Biden has suggested that his rationale for staying in the race rests partly on an almost mystical belief that it is his special destiny to defeat Trump in 2024 as he did in 2020, citing all the times in his career that “no one thought” he could prevail but he did. That isn’t so different than Trump’s 2016 declaration that “I alone can fix” the problems of the country.
Nor were Democrats reassured by Biden’s statement that, if Trump does win and all the bad things Biden has predicted come to pass, he will be able to live with himself: “I’ll feel as long as I gave it my all and I did the goodest job as I know I can do, that’s what this is about.”
In an era of old norms, that word alone — “goodest” — would have drawn ample notice coming from a president’s mouth, but in the current context, it does not especially attract notice.
That phenomenon — desensitization to what once would have been alarming — was also on display in recent days.

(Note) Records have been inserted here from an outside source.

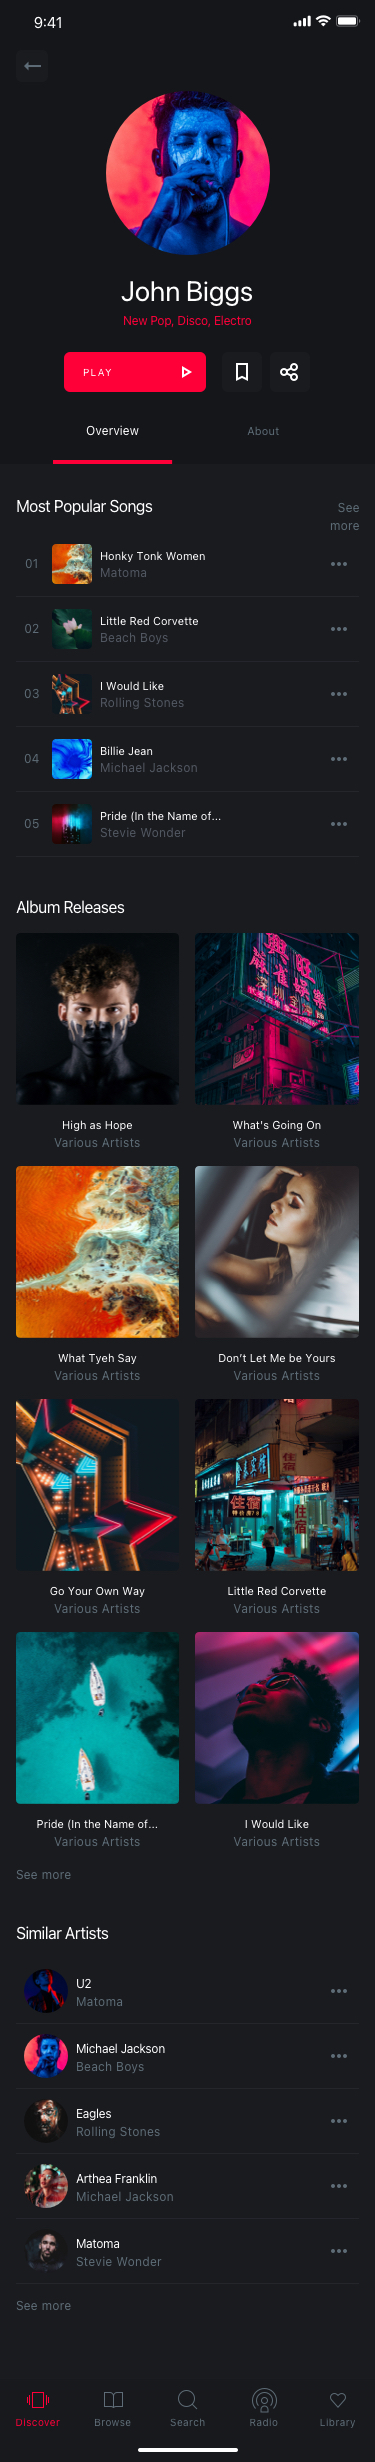
Text in this UI design:
New Pop, Disco, Electro
John Biggs
Most Popular Songs
See more
See more
Album Releases
Similar Artists
See more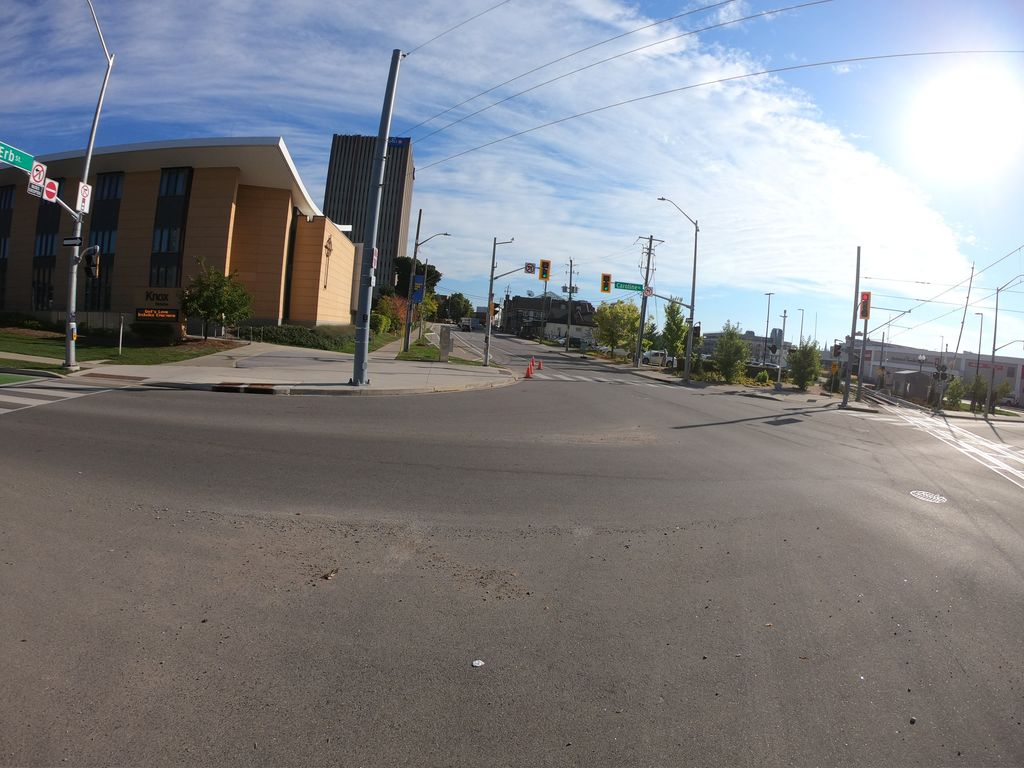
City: kitchener-waterloo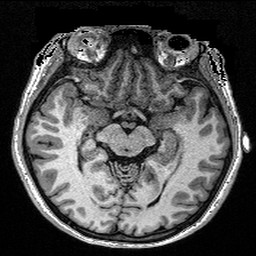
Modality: T1w
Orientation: coronal
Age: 23
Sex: female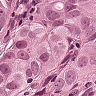
Metastatic tissue present: yes
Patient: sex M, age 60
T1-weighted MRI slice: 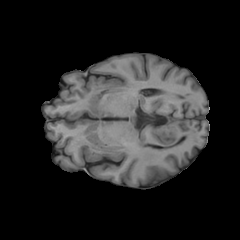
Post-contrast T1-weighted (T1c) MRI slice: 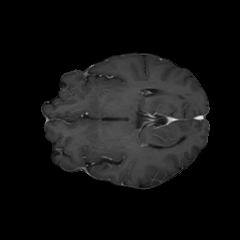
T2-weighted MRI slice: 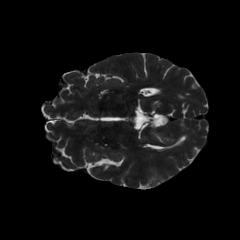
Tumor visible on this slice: no
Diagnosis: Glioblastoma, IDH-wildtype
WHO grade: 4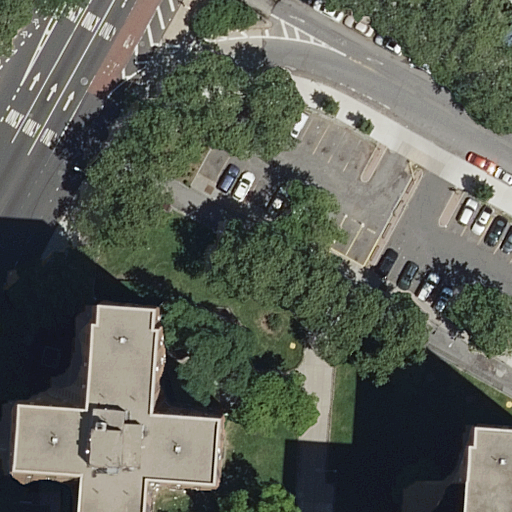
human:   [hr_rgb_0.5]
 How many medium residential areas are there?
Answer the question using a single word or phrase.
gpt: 0

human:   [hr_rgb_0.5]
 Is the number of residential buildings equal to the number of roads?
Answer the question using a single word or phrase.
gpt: no

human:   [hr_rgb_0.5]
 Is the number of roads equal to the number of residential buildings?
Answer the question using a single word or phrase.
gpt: no

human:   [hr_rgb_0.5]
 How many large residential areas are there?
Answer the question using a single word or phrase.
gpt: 1

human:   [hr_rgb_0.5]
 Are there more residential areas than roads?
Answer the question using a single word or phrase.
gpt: no

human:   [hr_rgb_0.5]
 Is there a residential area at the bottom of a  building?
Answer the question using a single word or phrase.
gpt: no

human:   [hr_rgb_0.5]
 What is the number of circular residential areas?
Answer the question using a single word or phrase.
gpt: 0

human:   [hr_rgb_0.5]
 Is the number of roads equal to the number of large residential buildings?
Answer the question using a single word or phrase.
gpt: no

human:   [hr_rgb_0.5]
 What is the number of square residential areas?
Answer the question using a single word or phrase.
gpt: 0

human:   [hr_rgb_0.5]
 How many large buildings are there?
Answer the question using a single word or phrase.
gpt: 1

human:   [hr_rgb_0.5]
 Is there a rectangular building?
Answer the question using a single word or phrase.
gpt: yes

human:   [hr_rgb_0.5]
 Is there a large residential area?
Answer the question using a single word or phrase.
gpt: yes

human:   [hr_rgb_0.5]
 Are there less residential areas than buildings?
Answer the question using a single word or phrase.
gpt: yes

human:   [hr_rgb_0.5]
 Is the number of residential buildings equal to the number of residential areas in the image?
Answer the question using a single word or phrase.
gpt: no

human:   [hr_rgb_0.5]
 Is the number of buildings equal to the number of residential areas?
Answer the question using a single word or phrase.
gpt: no

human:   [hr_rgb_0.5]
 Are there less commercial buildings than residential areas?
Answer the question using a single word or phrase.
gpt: yes

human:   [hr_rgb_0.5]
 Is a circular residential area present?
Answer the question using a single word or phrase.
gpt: no

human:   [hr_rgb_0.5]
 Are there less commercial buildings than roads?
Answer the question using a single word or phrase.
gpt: yes

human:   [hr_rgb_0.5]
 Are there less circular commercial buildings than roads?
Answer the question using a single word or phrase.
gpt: yes

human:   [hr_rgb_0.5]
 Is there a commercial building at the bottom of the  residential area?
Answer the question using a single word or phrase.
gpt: no

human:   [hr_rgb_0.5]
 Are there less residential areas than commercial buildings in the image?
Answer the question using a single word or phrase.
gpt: no

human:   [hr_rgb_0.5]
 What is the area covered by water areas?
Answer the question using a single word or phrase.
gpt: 0m2

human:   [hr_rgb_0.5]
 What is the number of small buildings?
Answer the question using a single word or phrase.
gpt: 1

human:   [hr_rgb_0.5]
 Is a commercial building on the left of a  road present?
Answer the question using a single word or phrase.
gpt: no

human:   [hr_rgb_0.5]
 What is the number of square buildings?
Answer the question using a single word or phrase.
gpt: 0

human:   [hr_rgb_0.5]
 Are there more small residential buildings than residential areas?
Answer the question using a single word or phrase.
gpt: no

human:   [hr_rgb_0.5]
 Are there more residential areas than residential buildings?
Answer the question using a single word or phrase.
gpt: no

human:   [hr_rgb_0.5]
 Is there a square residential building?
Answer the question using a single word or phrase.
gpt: no

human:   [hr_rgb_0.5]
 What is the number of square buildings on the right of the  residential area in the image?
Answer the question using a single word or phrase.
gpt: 0

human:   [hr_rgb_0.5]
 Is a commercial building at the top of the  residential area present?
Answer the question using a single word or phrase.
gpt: no

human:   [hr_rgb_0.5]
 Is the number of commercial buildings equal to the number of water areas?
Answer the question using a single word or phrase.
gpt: yes

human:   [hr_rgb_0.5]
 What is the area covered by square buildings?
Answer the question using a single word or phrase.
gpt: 0m2

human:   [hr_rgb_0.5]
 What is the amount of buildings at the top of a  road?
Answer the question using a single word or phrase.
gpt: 0

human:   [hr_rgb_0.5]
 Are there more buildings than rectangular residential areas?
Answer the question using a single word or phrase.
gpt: yes

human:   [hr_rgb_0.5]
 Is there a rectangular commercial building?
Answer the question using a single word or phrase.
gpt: no

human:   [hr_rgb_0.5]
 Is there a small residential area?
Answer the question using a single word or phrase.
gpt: no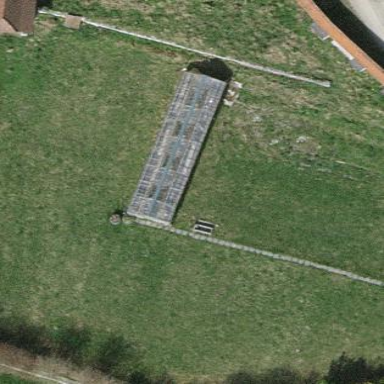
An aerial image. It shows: Greenhouse.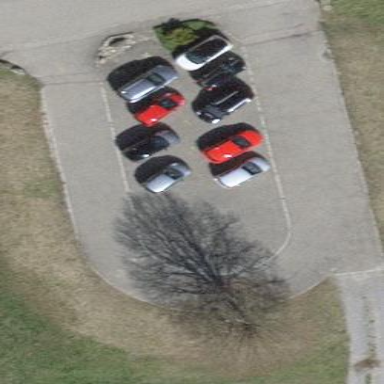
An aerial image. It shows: Parking area with surface.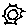
Label: sun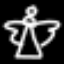
Label: angel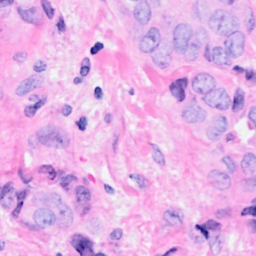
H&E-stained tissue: Breast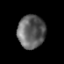
Tissue: prostate
Cell type: Epithelial cells
Senescence score: 0.3543
Nuclear area (px): 889
Mean DAPI intensity: 97.211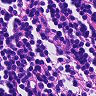
Metastatic tissue present: no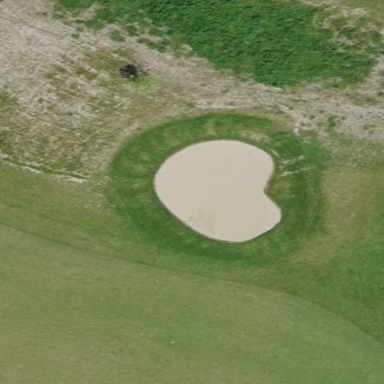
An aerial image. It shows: Sand bunker on golf course.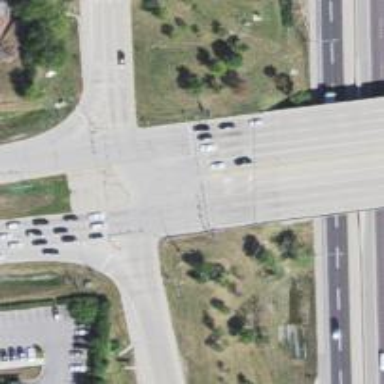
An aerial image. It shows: Primary highway.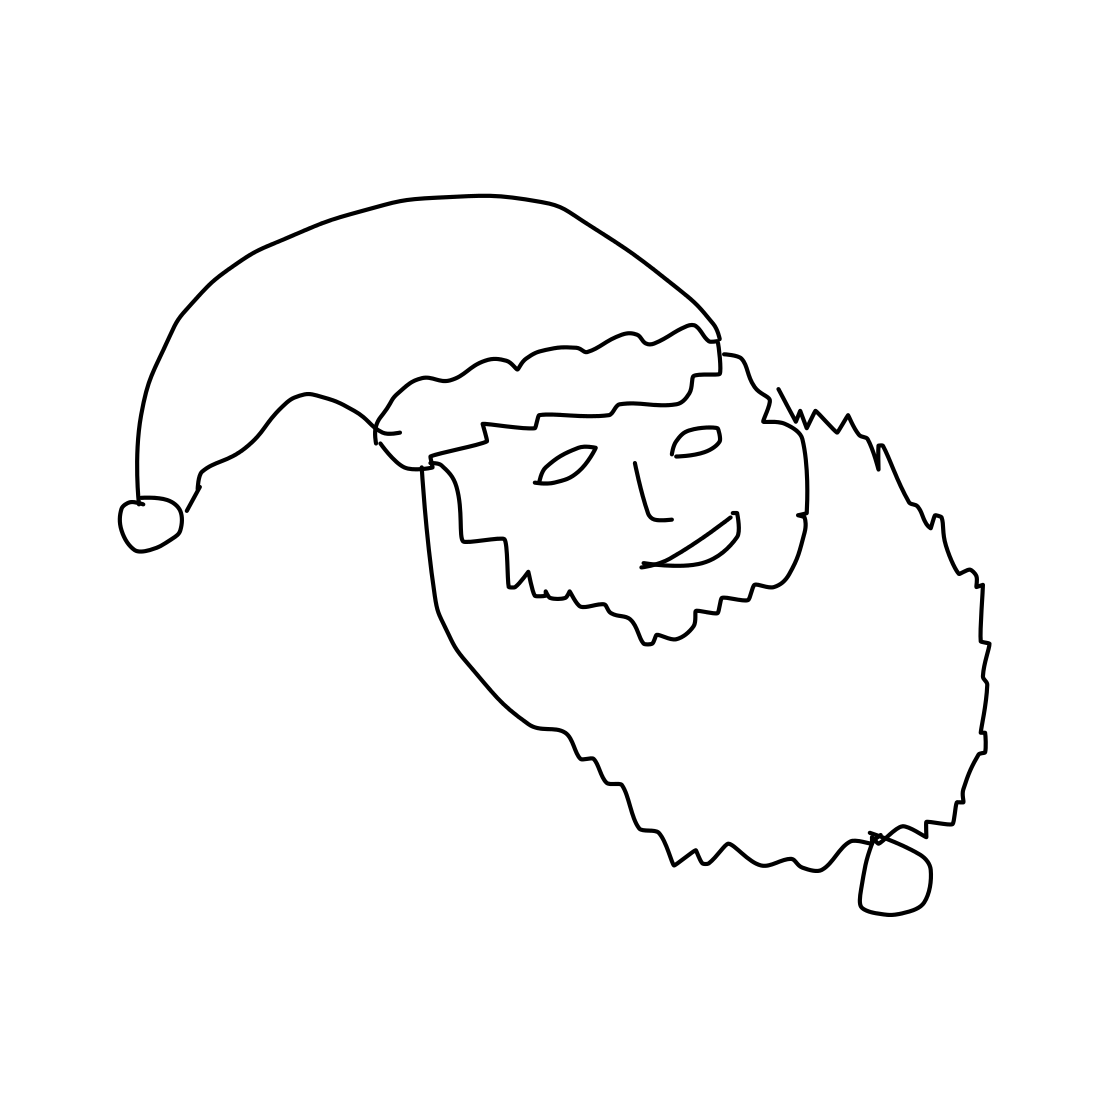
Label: santa claus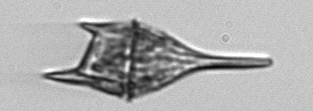
Label: Tripos_lineatus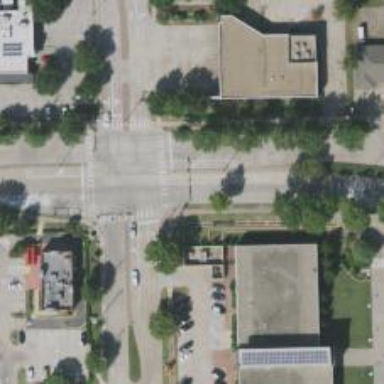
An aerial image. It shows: Secondary road with separate sidewalk.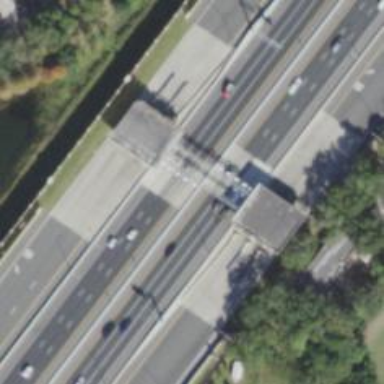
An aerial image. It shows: Toll gantry on the road.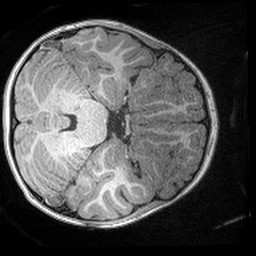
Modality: T1w
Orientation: axial
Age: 4
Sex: female
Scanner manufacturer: siemens
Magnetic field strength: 3 T
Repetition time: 2.53 s
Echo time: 0.00164 s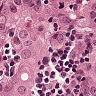
Metastatic tissue present: yes
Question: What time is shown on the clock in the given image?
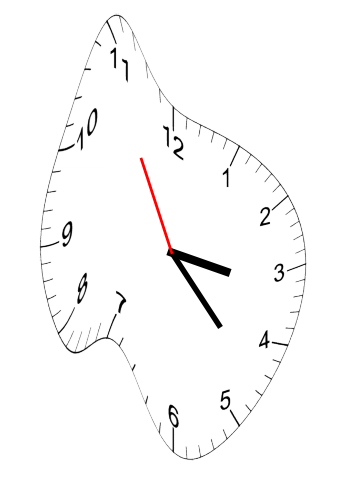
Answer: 03:22:55
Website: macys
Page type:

Perhaps you heard Trump’s comments, captured on a video published by the Daily Beast, while at his New Jersey golf course on July Fourth. He told bystanders that Biden is “a broken-down pile of crap,” and predicted he would soon be running instead against Vice President Kamala Harris, before adding, “She’s just so fucking bad.”
Nearly a quarter-century ago, when candidate George W. Bush was caught on a hot mike calling New York Times reporter Adam Clymer a “major-league asshole” that was a blaring news story for many days. Trump’s comments the other day were picked up by news organizations with no real shock — the equivalent of a shoulder shrug. For that matter, Fetterman’s vulgar language was notable largely for not being especially notable by prevailing standards.
It is not just Biden and Democrats who are living by the new norms of the Trump Era. For now, it is everyone.